- About this task: The finished copy should match every record exactly and contain no pictures.

- Available data:

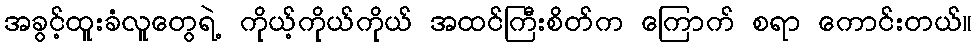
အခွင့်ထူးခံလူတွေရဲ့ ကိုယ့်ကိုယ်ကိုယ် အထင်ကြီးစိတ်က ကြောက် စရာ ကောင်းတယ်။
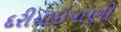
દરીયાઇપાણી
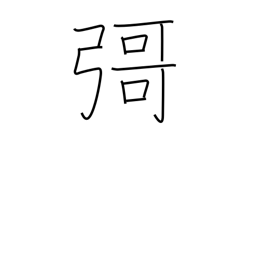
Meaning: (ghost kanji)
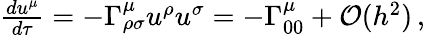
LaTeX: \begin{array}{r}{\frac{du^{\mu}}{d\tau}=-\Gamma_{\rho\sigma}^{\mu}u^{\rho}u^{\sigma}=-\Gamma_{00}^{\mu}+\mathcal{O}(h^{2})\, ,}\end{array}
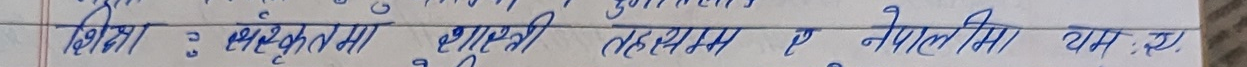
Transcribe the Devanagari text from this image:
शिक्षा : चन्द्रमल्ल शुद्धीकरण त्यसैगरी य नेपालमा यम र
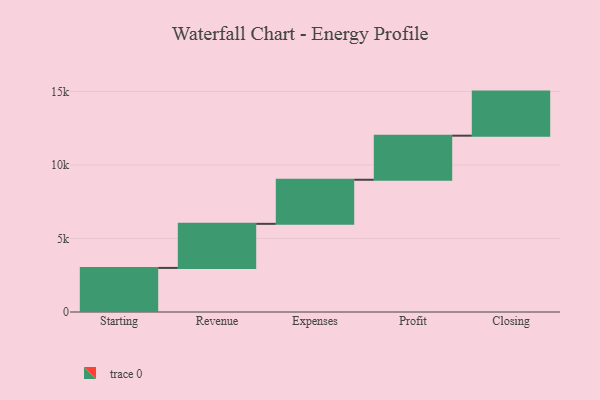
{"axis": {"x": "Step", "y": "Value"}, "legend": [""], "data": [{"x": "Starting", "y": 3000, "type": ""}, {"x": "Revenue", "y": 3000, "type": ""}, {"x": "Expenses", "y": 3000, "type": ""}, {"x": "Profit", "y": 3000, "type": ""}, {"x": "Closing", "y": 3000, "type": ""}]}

- Written response:
အခွင့်ထူးခံလူတွေရဲ့ ကိုယ့်ကိုယ်ကိုယ် အထင်ကြီးစိတ်က ကြောက် စရာ ကောင်းတယ်။
દરીયાઇપાણી
Meaning: (ghost kanji)
LaTeX: \begin{array}{r}{\frac{du^{\mu}}{d\tau}=-\Gamma_{\rho\sigma}^{\mu}u^{\rho}u^{\sigma}=-\Gamma_{00}^{\mu}+\mathcal{O}(h^{2})\, ,}\end{array}
Transcribe the Devanagari text from this image:
शिक्षा : चन्द्रमल्ल शुद्धीकरण त्यसैगरी य नेपालमा यम र
{"axis": {"x": "Step", "y": "Value"}, "legend": [""], "data": [{"x": "Starting", "y": 3000, "type": ""}, {"x": "Revenue", "y": 3000, "type": ""}, {"x": "Expenses", "y": 3000, "type": ""}, {"x": "Profit", "y": 3000, "type": ""}, {"x": "Closing", "y": 3000, "type": ""}]}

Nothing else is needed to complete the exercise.